Now we try to learn our neural network for 100 epochs.

In [27]:
MSE_Norm_100 = []
for i in range(50):
    x_train, x_test, y_train, y_test = train_test_split(predictors_norm, target, test_size=0.3)
    model = regression_model_simple()
    model.fit(x_train, y_train, epochs=100, verbose=0)
    scores = model.evaluate(x_test, y_test, verbose=0)
    MSE_Norm_100.append(scores[1])

In [28]:
MSE_Norm_100_np = np.array(MSE_Norm_100, dtype=np.float32)

In [29]:
print("For normalized data, 100 epochs")
print("Mean of MSE: {}".format(MSE_Norm_100_np.mean()))
print("Standard deviation of MSE: {}".format(MSE_Norm_100_np.std()))

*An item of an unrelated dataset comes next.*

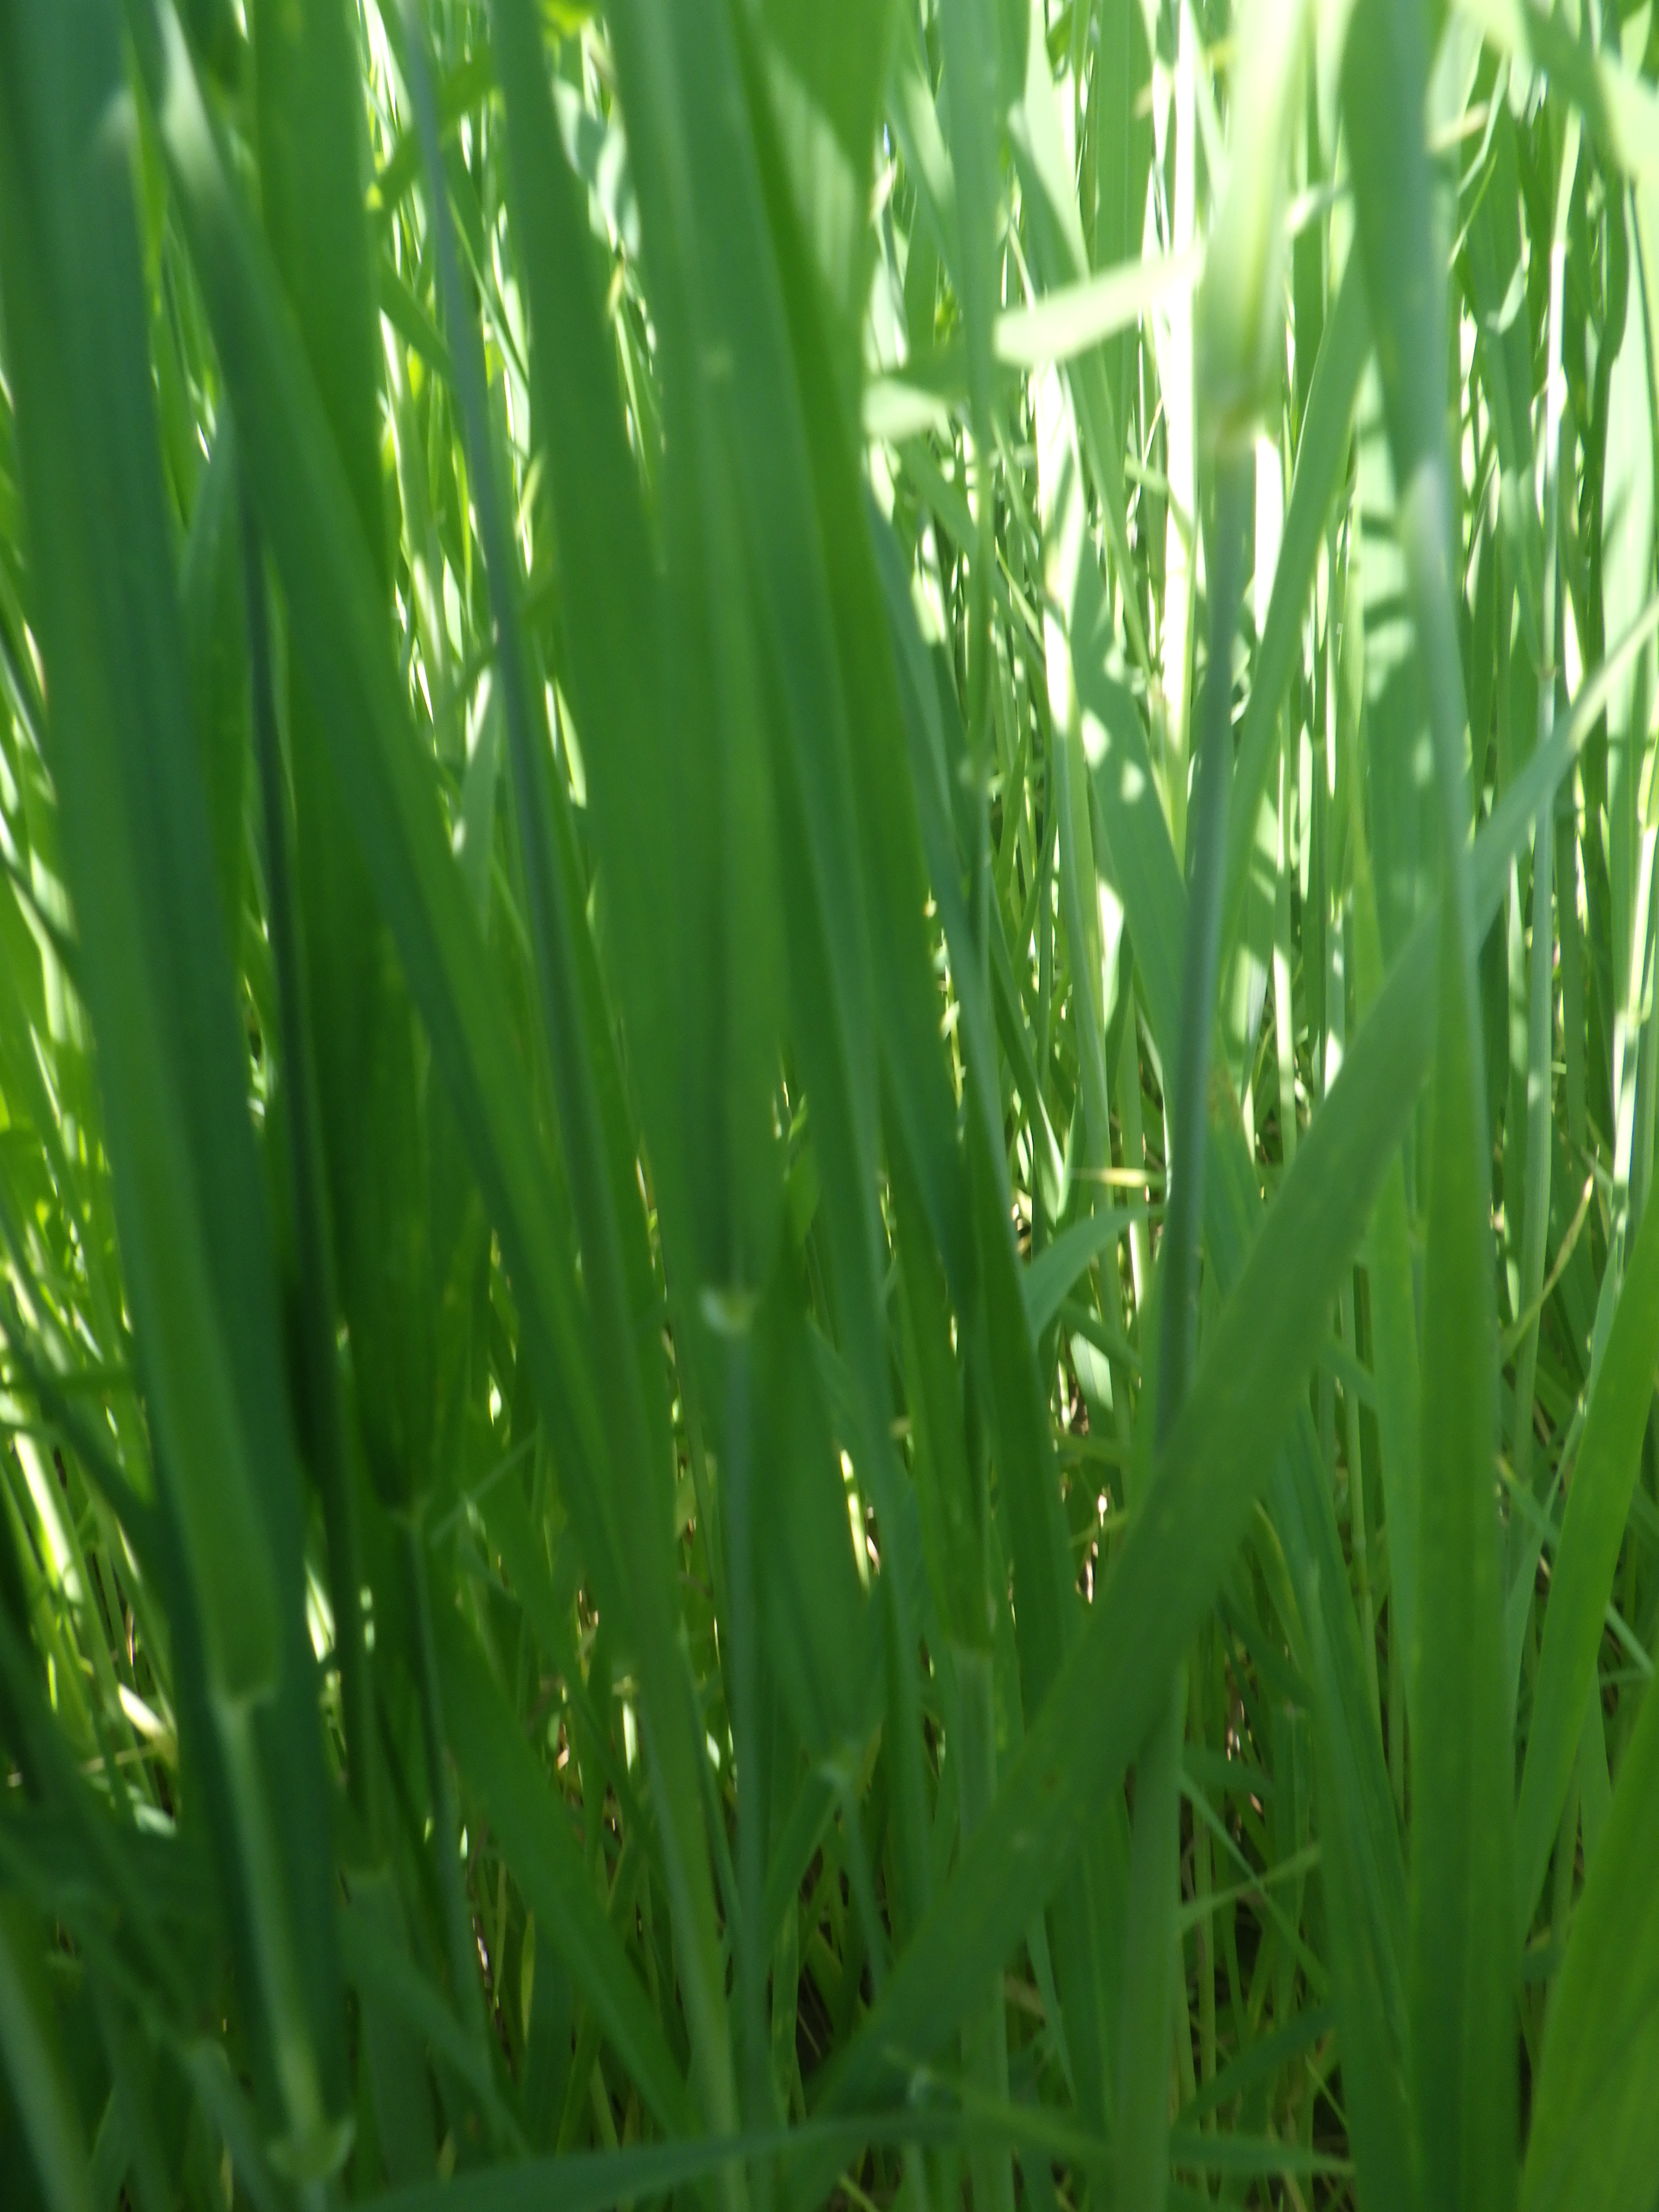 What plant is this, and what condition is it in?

For normalized data, 100 epochs
Mean of MSE: 162.89479064941406
Standard deviation of MSE: 14.343791961669922


Even more decrease of errors compared to the second NN. We are moving in the right direction.

#### Fourth NN

And the last one - neural network with 3 hidden layers.

In [30]:
# define regression model with 3 hidden layers
def regression_model():
    # create model
    model = Sequential()
    model.add(Dense(10, activation='relu', input_shape=(n_cols,)))
    model.add(Dense(10, activation='relu'))
    model.add(Dense(10, activation='relu'))
    model.add(Dense(1))
    
    # compile model
    model.compile(optimizer='adam', loss='mean_squared_error', metrics=['mean_squared_error'])
    return model

In [31]:
MSE_Norm_three_layers = []
for i in range(50):
    x_train, x_test, y_train, y_test = train_test_split(predictors_norm, target, test_size=0.3)
    model = regression_model()
    model.fit(x_train, y_train, epochs=50, verbose=0)
    scores = model.evaluate(x_test, y_test, verbose=0)
    MSE_Norm_three_layers.append(scores[1])

In [32]:
MSE_Norm_three_layers_np = np.array(MSE_Norm_three_layers, dtype=np.float32)

In [33]:
print("For normalized data, 50 epochs, three hidden layers")
print("Mean of MSE: {}".format(MSE_Norm_three_layers_np.mean()))
print("Standard deviation of MSE: {}".format(MSE_Norm_three_layers_np.std()))

For normalized data, 50 epochs, three hidden layers
Mean of MSE: 129.1235809326172
Standard deviation of MSE: 14.69874382019043


Here we can see slight MSE improvement, but STD looks the same. (compared to third NN).

  __

And in the end - representative table:

|  |Non-normalized, 50ep  |  Normalized, 50ep  |  Normalized, 100ep  |  Normalized, 50ep, 3 layers
|---|:---:|:---:|:---:|:---:|
|MSE|432.5|349.9|162.9|129.12|
|STD|477.3|102.2|14.3|14.7|

That's all for today =). Thank you for your attention.